Sanjay Kumar, Ph. D., whose decades of research into Temporal Lobe Epilepsy( TLE) have helped scientists better understand many aspects of neuroinflammation and how it leads to neuronal death, has been awarded a patent for using D-serine to prevent neuroinflammation caused by traumatic brain injury( TBI).

The introduction of D-serine reduces the onset and severity of seizures. Additionally, it may have application in non- TBI neurodegenerative disorders.
“ The brain is a sacrosanct organ and, as such, it does not tolerate well the introduction of foreign substances that might be used as therapeutic intervention,” said Kumar, a professor in the Department of Biomedical Sciences at the Florida State University College of Medicine.“ But D-serine is an amino acid produced in the brain, and thus not a foreign substance at all, so it works very well.”

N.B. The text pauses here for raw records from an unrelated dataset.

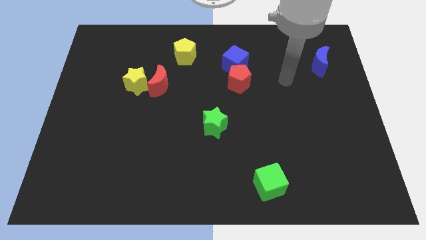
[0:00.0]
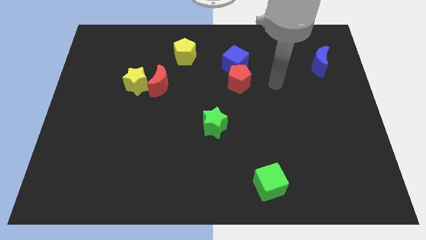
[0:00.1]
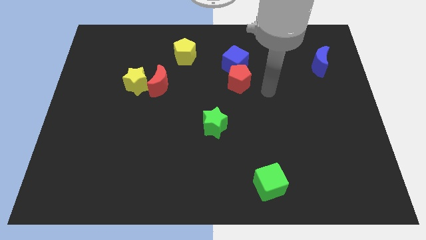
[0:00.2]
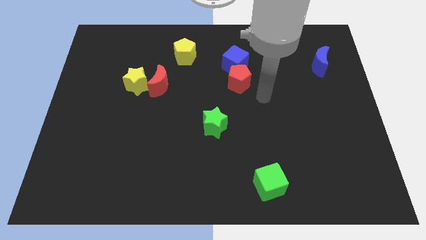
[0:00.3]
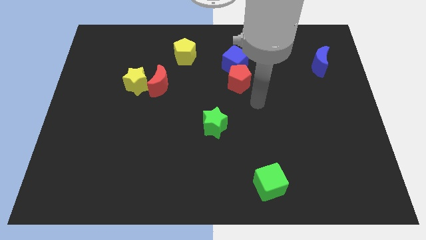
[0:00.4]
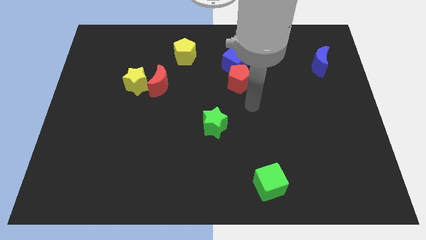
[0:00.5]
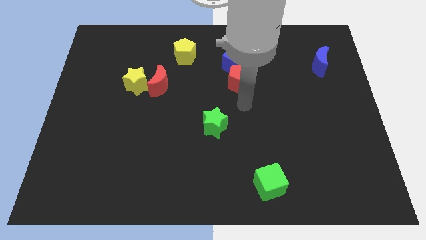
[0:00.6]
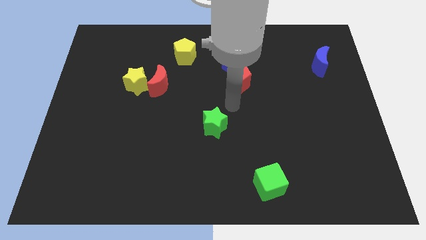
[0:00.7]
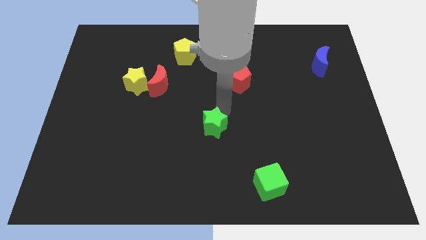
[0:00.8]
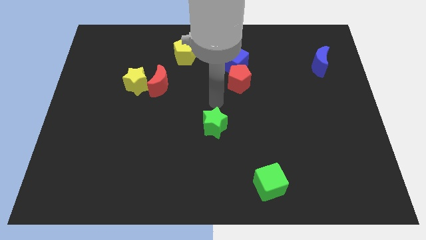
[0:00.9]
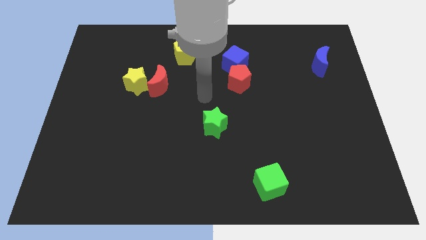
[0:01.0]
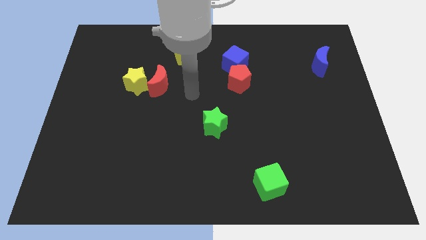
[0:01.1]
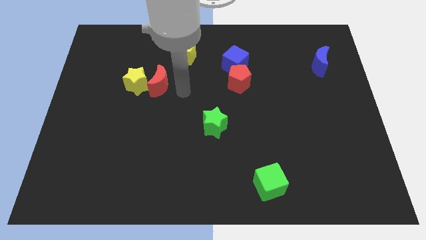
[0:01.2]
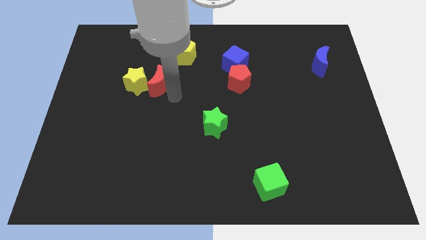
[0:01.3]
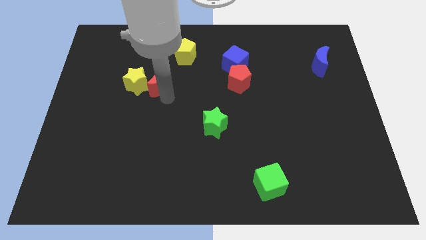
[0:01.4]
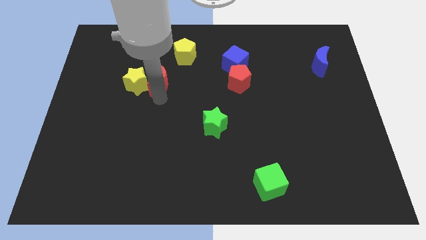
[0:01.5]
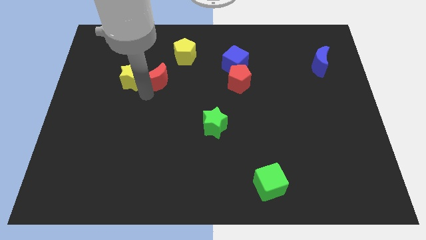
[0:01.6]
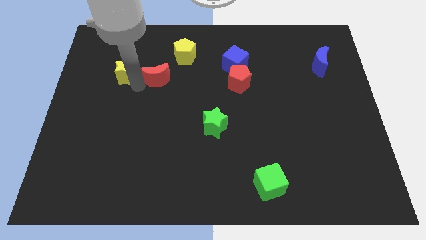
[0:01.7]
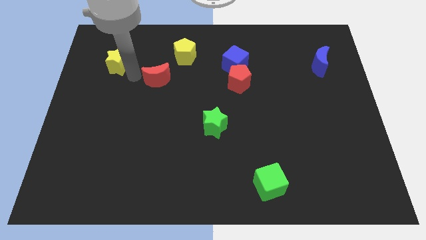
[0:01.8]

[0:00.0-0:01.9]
separate the red moon from the yellow star

Several years ago, Kumar and his associates discovered a special class of glutamate receptors, lovingly dubbed“ FSU receptors,” in the entorhinal cortex of the brain that allow about five times more calcium to enter neurons than conventional receptors do. The overstimulated neurons were triggering seizures in animal models with TLE. The overstimulation, known as hyperexcitability, causes neurons to die in a process called excitotoxicity. D-serine blocks the receptors to keep excess levels of calcium from entering the neurons, preventing seizures and neuronal death.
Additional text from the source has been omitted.